According to the International Diabetes Federation
(IDF) estimate, the number of diabetic patients in India has more than
doubled from 19 million in 1995 to 40.9 million in 2007. The projected
increase to 69.9 million by 2025, the high incidence levels and absence
of a generic version of the widely used drug, exenatide, has increased
the suffering of the diabetes patients. Moreover, the commercially
available exenatide is synthesized by peptide synthesizer and, hence,
is expensive to produce.
Therefore, to overcome this hindrance, Hyderabad-based Vivo Bio Tech has initiated a project on recombinant exenatide, an incretin mimetic like GLP-1 receptor agonist, indicated as an adjunct to diet and exercise to improve glycemic control in adults with type-2 diabetes mellitus. The company is developing the product through recombinant DNA technology in E.coli. This method simplifies the process of production, reduces cost and also increases yield. Owing to the large market potential for anti-diabetes drugs, the company is looking forward to developing and launching the generic version of the molecule, thereby reducing the treatment cost to diabetics in India.

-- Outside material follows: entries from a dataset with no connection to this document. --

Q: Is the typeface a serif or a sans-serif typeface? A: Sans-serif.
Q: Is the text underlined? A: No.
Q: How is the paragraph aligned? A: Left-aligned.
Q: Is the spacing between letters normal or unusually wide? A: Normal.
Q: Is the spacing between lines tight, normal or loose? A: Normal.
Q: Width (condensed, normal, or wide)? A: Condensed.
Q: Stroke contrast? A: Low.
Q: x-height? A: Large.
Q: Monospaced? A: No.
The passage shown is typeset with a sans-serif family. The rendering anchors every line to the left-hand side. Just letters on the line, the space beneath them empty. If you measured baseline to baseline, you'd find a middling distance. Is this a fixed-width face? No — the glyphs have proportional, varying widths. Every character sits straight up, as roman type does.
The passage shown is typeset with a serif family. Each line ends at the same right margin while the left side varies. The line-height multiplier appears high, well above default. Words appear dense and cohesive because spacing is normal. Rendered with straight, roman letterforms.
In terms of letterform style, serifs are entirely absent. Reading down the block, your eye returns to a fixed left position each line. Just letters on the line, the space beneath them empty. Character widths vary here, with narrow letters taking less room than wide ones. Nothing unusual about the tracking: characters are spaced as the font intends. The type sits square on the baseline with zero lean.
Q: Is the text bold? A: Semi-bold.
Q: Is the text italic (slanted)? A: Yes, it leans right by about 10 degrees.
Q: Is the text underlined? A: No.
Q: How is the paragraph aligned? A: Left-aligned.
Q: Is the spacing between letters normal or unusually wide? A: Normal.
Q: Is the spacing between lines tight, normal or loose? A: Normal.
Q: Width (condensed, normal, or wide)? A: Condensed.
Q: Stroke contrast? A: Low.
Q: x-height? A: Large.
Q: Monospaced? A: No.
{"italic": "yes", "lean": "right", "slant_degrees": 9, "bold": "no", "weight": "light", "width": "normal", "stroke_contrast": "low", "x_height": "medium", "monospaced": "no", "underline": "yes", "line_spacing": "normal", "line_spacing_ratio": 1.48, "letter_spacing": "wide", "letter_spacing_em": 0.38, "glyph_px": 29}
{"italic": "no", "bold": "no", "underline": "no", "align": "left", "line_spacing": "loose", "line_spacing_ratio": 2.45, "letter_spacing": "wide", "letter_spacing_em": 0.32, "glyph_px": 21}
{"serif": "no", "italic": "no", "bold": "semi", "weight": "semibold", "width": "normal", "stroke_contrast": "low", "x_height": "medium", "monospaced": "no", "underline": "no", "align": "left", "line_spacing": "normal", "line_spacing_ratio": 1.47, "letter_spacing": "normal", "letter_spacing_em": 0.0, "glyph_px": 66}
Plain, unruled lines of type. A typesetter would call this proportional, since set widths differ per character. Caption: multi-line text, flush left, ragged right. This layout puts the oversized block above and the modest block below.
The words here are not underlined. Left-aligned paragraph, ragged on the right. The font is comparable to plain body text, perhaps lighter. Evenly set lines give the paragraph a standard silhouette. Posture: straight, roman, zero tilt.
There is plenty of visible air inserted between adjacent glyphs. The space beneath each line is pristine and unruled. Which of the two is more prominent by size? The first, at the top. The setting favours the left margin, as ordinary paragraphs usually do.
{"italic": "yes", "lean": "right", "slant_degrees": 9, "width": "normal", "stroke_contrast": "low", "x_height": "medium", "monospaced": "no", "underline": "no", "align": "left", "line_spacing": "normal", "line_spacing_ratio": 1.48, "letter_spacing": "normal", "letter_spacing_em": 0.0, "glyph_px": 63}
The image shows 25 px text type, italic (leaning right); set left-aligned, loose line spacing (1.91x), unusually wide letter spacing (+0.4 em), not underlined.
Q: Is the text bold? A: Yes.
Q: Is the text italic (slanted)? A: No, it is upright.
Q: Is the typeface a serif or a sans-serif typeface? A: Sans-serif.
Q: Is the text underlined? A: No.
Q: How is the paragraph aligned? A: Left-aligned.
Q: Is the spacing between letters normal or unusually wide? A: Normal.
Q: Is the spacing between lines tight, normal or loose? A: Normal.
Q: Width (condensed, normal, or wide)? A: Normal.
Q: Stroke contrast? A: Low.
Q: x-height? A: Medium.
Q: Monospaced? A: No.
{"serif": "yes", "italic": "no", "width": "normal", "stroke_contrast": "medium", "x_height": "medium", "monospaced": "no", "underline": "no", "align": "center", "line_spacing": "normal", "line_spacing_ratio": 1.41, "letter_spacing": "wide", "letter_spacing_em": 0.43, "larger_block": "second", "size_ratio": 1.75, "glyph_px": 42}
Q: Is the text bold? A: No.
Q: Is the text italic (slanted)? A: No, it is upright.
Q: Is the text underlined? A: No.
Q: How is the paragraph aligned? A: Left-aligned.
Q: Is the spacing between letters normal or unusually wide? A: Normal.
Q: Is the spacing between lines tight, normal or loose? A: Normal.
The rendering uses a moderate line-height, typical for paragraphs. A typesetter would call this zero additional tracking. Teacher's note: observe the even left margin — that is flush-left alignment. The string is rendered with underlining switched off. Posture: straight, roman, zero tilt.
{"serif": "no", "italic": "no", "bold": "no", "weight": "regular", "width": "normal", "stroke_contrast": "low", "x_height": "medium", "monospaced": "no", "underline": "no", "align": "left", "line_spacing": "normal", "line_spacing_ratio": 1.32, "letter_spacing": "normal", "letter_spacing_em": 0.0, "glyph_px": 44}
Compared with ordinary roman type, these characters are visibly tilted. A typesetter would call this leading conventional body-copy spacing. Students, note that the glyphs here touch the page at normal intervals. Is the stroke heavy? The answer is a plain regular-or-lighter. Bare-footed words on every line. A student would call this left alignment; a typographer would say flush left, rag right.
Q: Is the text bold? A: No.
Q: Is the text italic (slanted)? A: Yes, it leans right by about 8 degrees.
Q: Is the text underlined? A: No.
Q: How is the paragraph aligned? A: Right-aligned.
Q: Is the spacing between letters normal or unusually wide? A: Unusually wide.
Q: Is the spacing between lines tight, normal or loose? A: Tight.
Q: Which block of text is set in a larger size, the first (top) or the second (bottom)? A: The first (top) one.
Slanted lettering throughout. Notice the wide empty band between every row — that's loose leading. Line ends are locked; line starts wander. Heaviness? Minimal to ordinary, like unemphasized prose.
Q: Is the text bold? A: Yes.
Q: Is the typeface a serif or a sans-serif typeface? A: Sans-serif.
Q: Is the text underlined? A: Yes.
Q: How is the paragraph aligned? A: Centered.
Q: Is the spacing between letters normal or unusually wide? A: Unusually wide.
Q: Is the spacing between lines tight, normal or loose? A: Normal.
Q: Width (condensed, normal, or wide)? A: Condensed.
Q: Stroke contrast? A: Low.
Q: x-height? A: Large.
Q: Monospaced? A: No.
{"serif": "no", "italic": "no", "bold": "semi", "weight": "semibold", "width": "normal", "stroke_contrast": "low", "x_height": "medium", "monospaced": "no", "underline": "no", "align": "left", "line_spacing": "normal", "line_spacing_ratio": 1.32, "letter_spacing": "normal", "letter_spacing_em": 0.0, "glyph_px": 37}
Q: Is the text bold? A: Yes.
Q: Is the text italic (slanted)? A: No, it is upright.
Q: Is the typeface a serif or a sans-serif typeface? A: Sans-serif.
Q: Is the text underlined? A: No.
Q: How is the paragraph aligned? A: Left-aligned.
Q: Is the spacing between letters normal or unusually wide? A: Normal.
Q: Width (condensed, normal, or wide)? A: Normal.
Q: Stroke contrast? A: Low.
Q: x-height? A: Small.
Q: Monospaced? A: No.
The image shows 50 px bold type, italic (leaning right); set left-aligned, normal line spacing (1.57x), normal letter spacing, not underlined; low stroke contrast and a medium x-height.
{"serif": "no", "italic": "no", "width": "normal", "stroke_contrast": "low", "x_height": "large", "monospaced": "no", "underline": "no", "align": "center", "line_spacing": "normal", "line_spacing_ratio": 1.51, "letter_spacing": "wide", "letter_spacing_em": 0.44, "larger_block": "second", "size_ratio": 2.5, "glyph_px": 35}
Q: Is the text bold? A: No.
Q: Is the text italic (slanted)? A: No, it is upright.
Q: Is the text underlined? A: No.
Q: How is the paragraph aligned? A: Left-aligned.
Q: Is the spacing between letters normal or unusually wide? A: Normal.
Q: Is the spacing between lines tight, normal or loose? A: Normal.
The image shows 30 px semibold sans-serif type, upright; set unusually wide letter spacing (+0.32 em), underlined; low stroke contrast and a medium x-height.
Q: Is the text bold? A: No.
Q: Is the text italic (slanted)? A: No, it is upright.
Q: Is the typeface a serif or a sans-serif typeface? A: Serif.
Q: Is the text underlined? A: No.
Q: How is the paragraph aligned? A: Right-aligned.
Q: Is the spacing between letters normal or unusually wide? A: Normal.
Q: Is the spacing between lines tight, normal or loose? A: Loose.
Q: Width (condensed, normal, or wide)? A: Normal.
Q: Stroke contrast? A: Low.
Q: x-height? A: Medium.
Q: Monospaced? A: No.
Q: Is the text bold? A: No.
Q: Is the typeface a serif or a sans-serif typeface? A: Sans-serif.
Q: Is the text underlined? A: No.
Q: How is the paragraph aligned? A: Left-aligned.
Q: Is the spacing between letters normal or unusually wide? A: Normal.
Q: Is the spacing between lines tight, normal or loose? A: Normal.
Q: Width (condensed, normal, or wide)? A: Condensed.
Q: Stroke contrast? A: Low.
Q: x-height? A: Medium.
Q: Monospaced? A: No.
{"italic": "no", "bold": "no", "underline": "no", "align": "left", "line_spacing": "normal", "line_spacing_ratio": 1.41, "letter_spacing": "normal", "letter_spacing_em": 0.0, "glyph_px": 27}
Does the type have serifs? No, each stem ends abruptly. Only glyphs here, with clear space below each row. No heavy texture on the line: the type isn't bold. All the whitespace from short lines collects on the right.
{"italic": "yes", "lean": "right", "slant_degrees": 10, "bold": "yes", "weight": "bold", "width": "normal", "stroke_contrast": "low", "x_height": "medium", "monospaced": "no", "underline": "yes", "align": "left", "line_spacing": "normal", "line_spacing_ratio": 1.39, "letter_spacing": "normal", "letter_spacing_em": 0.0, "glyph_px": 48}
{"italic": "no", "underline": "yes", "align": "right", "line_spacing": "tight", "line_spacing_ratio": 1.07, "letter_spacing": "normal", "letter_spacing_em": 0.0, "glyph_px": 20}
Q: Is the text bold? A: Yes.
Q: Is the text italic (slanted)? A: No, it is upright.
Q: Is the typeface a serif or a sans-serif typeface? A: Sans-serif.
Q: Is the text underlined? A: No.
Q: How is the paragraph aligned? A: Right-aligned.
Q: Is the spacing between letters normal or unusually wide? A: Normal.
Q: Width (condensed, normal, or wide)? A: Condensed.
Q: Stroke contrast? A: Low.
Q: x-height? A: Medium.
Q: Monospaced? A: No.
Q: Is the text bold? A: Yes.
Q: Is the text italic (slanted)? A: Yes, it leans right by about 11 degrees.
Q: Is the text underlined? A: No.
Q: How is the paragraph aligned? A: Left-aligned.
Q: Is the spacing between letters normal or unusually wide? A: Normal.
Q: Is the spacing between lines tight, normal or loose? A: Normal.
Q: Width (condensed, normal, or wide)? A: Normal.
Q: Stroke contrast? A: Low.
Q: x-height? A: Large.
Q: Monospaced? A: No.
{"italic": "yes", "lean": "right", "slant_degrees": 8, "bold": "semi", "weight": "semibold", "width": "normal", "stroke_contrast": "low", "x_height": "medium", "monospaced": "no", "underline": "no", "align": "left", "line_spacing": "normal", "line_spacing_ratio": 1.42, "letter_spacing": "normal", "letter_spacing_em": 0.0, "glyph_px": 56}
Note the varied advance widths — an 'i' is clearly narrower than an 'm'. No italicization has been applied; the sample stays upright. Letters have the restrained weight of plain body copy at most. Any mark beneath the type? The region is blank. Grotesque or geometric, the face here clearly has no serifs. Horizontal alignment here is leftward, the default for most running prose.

After approval from the scientific and financial experts designated by the Department of Biotechnology on the technical and economic viability of its project, the company was awarded the small business innovation research initiative (SBIRI) funding through phase II scheme in February 2011. The total project cost of production of recombinant exenatide (incretin mimetic like GLP-1) is
580 lakhs and the funding support
from the SBIRI allotted is 340 lakhs. So far, the company has received
the first installment of 224.3 lakhs and it has proved to be a major
boost for its efforts. The duration of the project is two years. Talking about the importance of funding, Dr A Sankaranarayanan, CEO, Vivo Bio Tech, says, “The funding was very important as the drug development projects involve long gestational period without any income during the development. The funding pattern and repayment schedule offered by the SBIRI is very industry-friendly, as the repayment starts 10 years after completion of the project in 10 equal installments. During this time, we would be able to successfully complete the project, launch the product in the market, generate post-marketing data, and also record significant revenues from the sales of the product.”
The way forward
According to the company, the project is progressing as per the project implementation plan approved by the SBIRI. Given the positive results, the company is now anticipating submitting preclinical application to the Review Committee on Genetic Manipulation within a couple of months. “We have successfully completed our objectives set forth for the first quarter. These include preparation of cell banks and optimization of lab scale fermentation of recombinant exenatide clones. Now, we look forward to its submission for preclinical submission soon,” says Dr Sankaranarayanan.
While praising the efforts of the DBT, Dr Sankaranarayanan says, “The PPP in biotech industry is the single most enabling means to promote biotech R&D in the country. The initiatives by SBIRI, BIRAP and other agencies under the DBT are a boon to small and mid-size companies striving to make a mark in the industry.”